__About this task__:
The records that follow must be repeated exactly, minus the images.

Data for this exercise Block Start

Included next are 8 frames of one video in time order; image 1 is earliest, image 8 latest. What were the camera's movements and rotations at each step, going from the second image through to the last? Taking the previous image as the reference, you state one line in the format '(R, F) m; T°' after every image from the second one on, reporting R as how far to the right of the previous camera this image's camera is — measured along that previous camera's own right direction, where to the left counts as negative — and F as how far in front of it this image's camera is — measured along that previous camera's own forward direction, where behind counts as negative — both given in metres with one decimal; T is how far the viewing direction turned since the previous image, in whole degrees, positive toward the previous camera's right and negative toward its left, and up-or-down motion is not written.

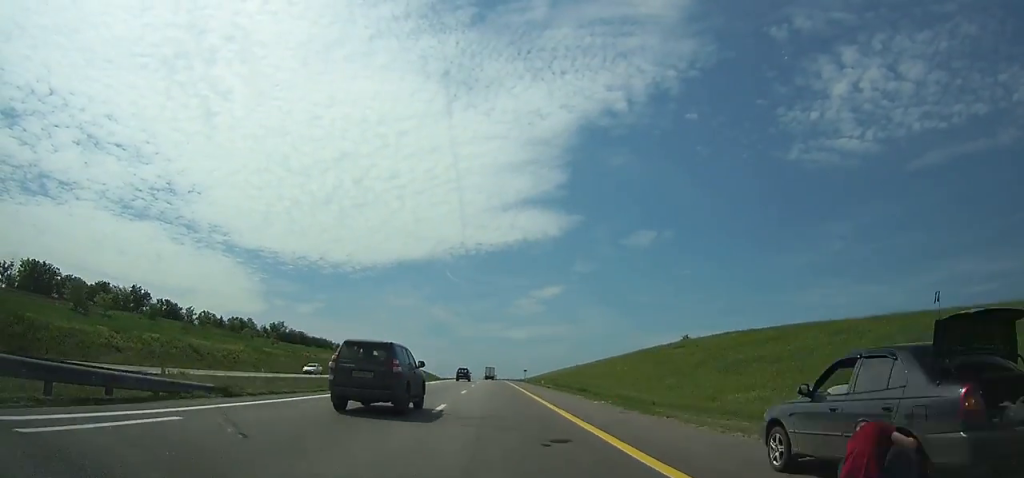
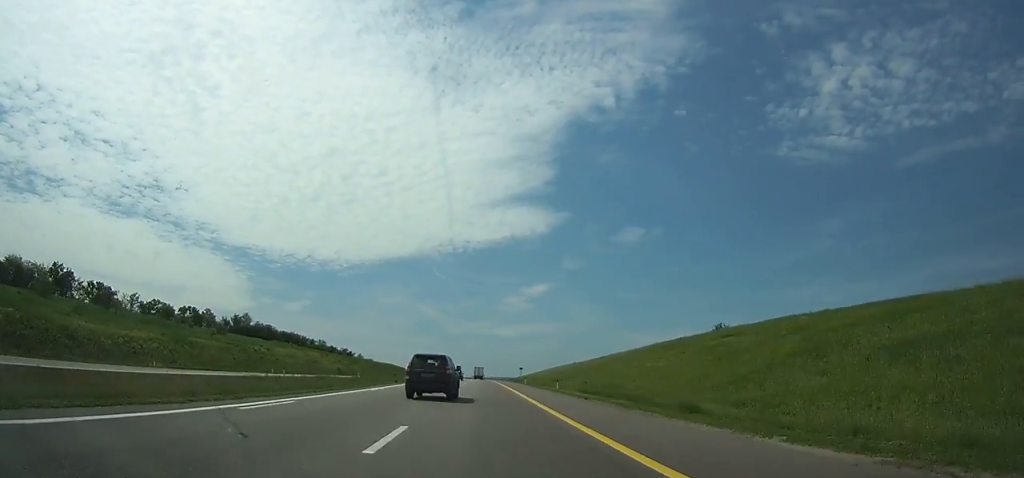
(0.0, +23.6) m; 0°
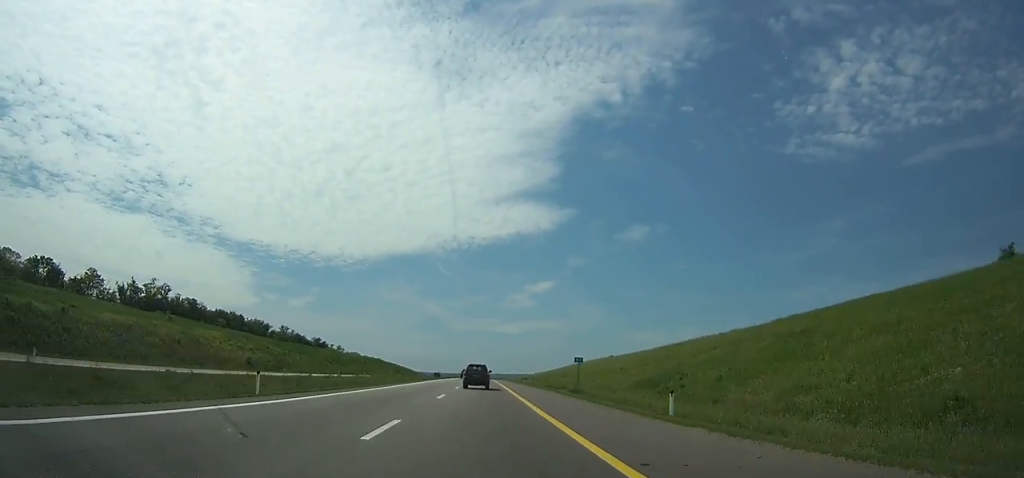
(0.0, +62.8) m; 0°
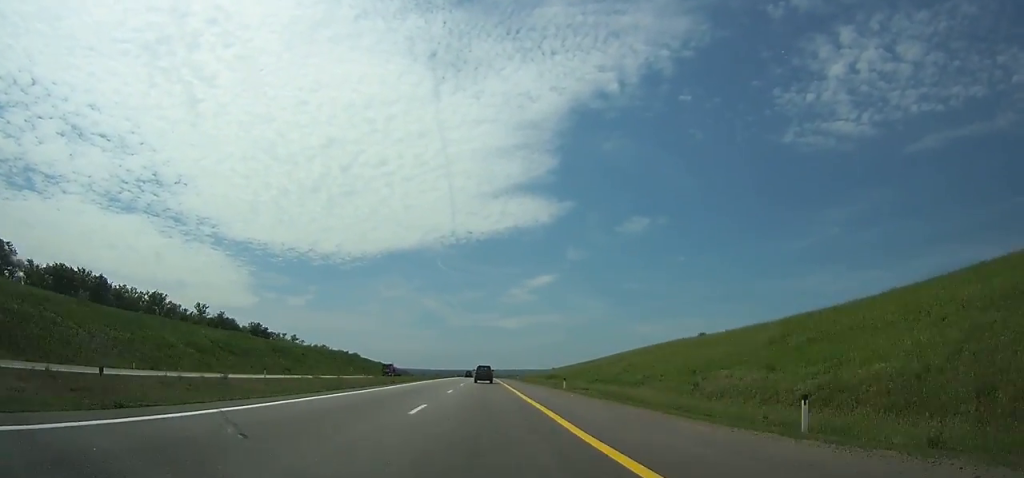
(0.0, +72.2) m; 0°
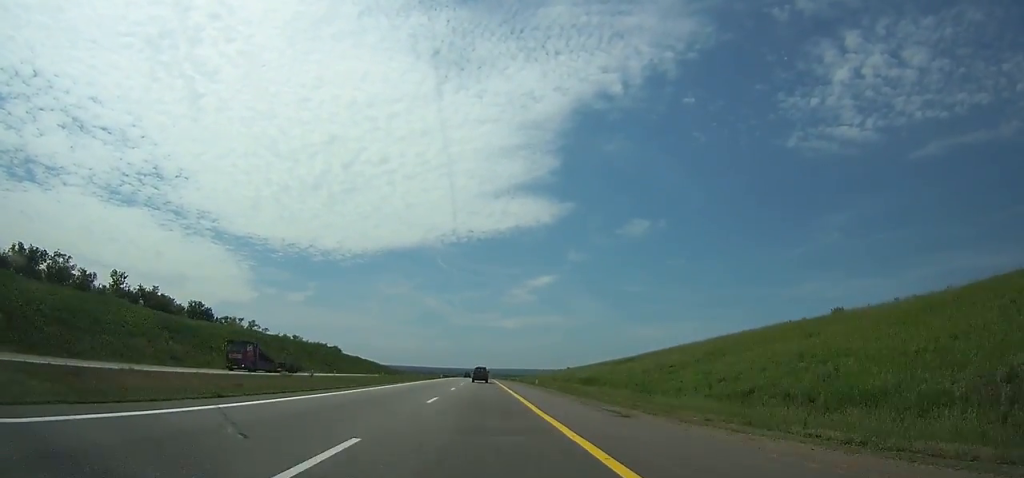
(-0.1, +42.1) m; 0°
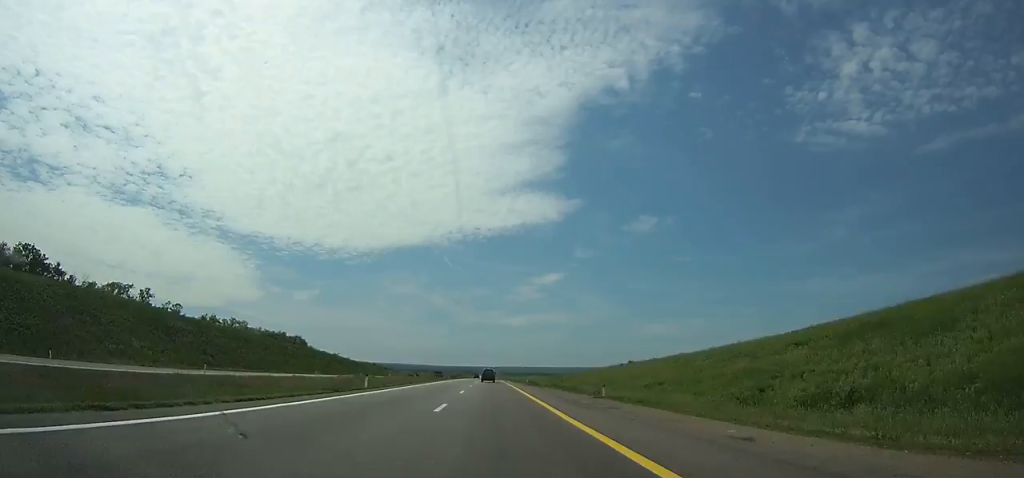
(0.0, +68.0) m; 0°
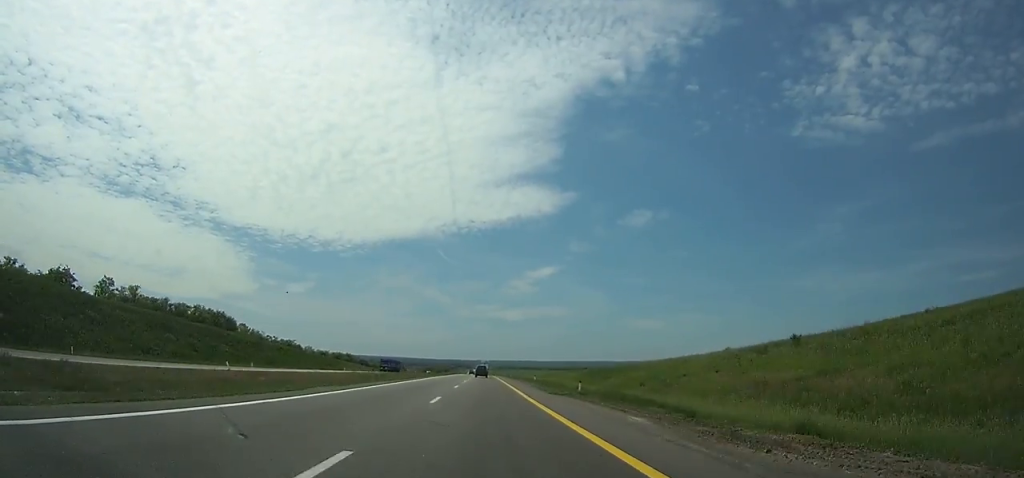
(+0.1, +60.4) m; 0°
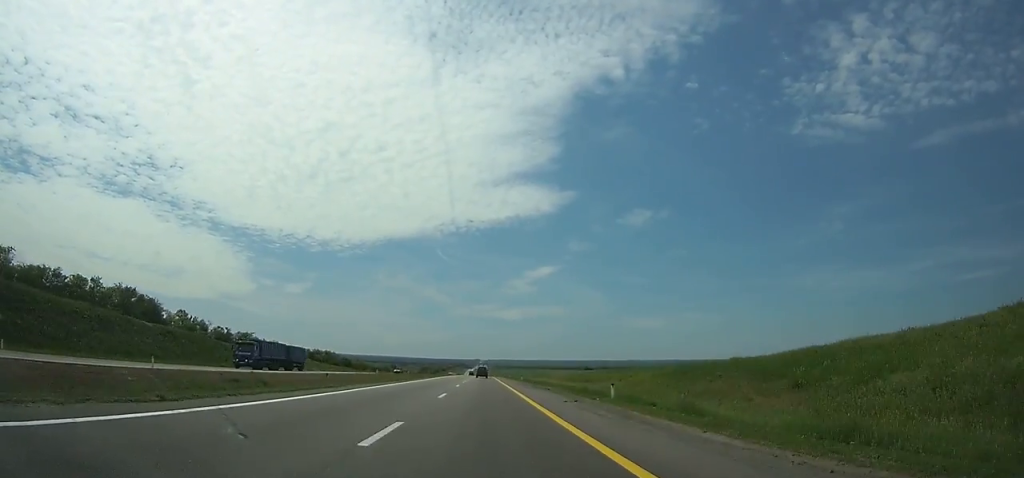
(+0.1, +42.3) m; 0°

Data for this exercise Block End

__Expected answer__:
Included next are 8 frames of one video in time order; image 1 is earliest, image 8 latest. What were the camera's movements and rotations at each step, going from the second image through to the last? Taking the previous image as the reference, you state one line in the format '(R, F) m; T°' after every image from the second one on, reporting R as how far to the right of the previous camera this image's camera is — measured along that previous camera's own right direction, where to the left counts as negative — and F as how far in front of it this image's camera is — measured along that previous camera's own forward direction, where behind counts as negative — both given in metres with one decimal; T is how far the viewing direction turned since the previous image, in whole degrees, positive toward the previous camera's right and negative toward its left, and up-or-down motion is not written.

(0.0, +23.6) m; 0°
(0.0, +62.8) m; 0°
(0.0, +72.2) m; 0°
(-0.1, +42.1) m; 0°
(0.0, +68.0) m; 0°
(+0.1, +60.4) m; 0°
(+0.1, +42.3) m; 0°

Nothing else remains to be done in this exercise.